João Raphael apresenta aparelho usado para captar luz do sol

Escolas públicas totalmente abastecidas por energia solar. Parece uma meta realizável só daqui a algumas décadas. Entretanto, esse é o objetivo que move o trabalho voluntário do estudante de psicologia da UFBA João Raphael Gomes, com o Projeto Sinergia Solar, que apresenta o uso da energia solar a estudantes de escolas das redes públicas do Estado da Bahia e do município de Salvador, mediante a realização de oficinas educacionais didáticas.

A iniciativa garantiu inclusive a João Raphael um convite para participar da a 23ª Conferência das Partes (Cop 23) da Convenção-Quadro das Nações Unidas sobre a Mudança do Clima, que neste ano será em Bonn, na Alemanha, entre 6 e 17 de novembro. Ele fará parte da delegação que será enviada ao evento pela Engajamundo, uma organização sem fins lucrativos de liderança jovem, que capacita e engaja os jovens brasileiros no contexto das negociações internacionais.

À frente da iniciativa desde agosto de 2016, João Raphael, que concluiu, também na UFBA, o bacharelado interdisciplinar em humanidades, atua conscientizando adolescentes e jovens sobre o uso da energia solar como alternativa às atuais fontes tradicionais. Estima-se que isso impactaria em uma economia significativa na conta de luz das escolas, que gira em torno de R$ 6 mil por mês – recursos que poderiam ser direcionados a outros benefícios para a mesma escola ou comunidade.

Além disso, João Raphael destaca que também tem o objetivo de despertar seu público para questões globais, como a necessidade da transição do uso de energias poluidoras para energias provenientes de fontes limpas e renováveis, e que os cidadãos podem por si só captar sua própria energia.

João Raphael cursa o terceiro semestre de psicologia. Ele foi selecionado e treinado pela ong Greenpeace e participou da instalação de placas solares em duas escolas públicas nas cidades de São Paulo (SP) e Uberlândia (MG). Valendo-se da experiência obtida como multiplicador solar pelo Greenpeace, ele se tornou (em parceria com o professor universitário e doutor em Ciências, Energia e Ambiente pela UFBA Gustavo Alonso Muñoz) cofundador do projeto para Salvador, uma das três cidades brasileiras escolhidas para a campanha do uso de energia solar nas escolas – as outras são Fortaleza e Belém.

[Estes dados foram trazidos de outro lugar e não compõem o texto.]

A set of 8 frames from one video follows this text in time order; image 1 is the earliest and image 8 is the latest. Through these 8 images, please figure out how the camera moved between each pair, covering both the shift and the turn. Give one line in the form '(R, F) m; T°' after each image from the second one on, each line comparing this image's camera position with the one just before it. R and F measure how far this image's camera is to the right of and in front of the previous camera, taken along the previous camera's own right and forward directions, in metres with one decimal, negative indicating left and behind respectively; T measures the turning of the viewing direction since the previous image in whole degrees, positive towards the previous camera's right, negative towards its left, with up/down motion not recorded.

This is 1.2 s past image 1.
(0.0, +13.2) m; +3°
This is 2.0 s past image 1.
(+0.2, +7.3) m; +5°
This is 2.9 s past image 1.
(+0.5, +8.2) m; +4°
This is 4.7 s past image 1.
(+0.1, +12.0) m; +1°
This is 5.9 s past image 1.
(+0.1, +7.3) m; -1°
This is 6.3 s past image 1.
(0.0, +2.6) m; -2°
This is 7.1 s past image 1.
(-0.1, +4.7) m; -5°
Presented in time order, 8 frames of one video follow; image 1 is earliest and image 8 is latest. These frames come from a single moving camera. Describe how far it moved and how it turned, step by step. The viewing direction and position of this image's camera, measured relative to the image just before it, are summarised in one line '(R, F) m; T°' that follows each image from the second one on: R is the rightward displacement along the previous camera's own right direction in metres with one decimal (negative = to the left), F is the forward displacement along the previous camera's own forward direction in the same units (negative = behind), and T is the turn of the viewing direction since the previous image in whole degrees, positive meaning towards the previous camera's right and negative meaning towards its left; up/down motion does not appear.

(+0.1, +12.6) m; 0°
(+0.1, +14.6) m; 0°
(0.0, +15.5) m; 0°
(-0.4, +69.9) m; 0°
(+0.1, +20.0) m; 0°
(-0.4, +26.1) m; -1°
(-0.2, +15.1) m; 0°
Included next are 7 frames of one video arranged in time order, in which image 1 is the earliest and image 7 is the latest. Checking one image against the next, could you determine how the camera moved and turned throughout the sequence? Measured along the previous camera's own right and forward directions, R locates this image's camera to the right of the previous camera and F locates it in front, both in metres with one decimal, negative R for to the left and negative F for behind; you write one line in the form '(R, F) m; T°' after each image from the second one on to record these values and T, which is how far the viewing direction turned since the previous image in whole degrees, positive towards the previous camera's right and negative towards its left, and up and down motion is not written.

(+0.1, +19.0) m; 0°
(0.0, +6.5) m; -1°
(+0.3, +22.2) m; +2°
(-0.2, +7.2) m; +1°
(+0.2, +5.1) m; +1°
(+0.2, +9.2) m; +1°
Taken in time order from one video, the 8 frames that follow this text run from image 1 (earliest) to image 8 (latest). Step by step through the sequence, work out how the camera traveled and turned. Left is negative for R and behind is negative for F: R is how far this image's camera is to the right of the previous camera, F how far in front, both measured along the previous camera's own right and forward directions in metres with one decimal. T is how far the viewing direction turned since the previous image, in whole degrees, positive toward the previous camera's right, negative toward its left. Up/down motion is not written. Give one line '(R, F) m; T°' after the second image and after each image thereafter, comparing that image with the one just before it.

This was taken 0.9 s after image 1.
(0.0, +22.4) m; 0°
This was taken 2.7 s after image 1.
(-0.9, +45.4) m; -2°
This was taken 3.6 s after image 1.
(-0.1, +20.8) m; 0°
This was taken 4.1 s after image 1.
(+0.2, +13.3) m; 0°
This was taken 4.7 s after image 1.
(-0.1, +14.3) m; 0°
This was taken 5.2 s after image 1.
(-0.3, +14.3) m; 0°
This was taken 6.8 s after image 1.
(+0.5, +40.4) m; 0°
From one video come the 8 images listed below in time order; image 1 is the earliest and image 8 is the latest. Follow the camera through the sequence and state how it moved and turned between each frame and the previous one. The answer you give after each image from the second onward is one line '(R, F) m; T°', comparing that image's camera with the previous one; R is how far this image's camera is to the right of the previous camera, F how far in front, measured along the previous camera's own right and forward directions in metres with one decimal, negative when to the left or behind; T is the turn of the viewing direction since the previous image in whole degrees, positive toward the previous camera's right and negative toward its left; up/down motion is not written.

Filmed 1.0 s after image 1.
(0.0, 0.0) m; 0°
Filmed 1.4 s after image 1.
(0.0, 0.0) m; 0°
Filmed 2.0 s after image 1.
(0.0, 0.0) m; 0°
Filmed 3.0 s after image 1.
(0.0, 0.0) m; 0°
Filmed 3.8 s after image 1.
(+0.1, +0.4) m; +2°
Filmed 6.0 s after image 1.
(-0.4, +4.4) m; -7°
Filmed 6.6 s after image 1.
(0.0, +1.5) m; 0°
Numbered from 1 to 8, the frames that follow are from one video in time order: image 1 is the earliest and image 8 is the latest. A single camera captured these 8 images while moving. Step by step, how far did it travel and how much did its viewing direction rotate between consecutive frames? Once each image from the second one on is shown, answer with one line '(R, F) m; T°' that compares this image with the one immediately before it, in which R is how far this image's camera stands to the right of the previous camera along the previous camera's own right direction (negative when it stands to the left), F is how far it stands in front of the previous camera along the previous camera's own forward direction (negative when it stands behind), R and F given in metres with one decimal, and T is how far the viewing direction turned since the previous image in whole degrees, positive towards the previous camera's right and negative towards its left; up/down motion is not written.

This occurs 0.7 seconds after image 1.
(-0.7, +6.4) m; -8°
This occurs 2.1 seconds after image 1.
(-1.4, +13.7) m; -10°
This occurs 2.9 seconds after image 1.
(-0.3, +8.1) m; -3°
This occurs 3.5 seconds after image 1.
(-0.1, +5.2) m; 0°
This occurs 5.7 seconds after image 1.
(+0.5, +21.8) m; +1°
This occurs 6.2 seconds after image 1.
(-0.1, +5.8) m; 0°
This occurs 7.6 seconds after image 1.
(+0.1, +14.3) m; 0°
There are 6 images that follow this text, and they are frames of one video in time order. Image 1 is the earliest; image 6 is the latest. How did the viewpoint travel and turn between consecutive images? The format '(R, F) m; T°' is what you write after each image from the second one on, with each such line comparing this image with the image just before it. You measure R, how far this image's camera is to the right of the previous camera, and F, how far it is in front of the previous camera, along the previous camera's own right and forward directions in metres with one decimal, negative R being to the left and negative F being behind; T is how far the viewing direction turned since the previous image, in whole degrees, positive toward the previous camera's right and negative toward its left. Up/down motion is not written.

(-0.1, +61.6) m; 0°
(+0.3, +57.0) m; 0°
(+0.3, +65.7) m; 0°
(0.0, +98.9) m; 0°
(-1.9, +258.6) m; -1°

Durante as oficinas, o multiplicador expõe objetos solares, como placas, painéis, brinquedos e até alimentos cozidos com o uso de fogões solares, chamando a atenção para o potencial existente na energia gerada pelo sol. Um evento semelhante foi realizado recentemente, sob a coordenação de Raphael, no IHAC-LABi, a fim de difundir para a comunidade UFBA os benefícios da captação e aproveitamento da energia solar mediante o uso de objetos solares.

O projeto Sinergia Solar busca mostrar ao público a possibilidade de cada cidadão gerar sua própria energia, conforme as resoluções 482 e 687 da Agência Nacional de Energia Elétrica. Também visa fortalecer o compromisso social dos estudantes de escolas da rede pública e conta com apoio do Greenpeace e das Secretarias de Educação do Estado da Bahia e do município de Salvador.

Um comentário em “Um voluntário da energia solar em escolas públicas

  1. Excelente!
    Realmente, a conscientização é o caminho para manter o pouco que ainda nos resta, deste planeta tão prejudicado..
    Infelizmente os custos para a compra das placas solares não cabe no bolso dos brasileiros que mais precisam. É fato positivo na área da construção civil, que já experimentam e efetuam esse trabalho consciente.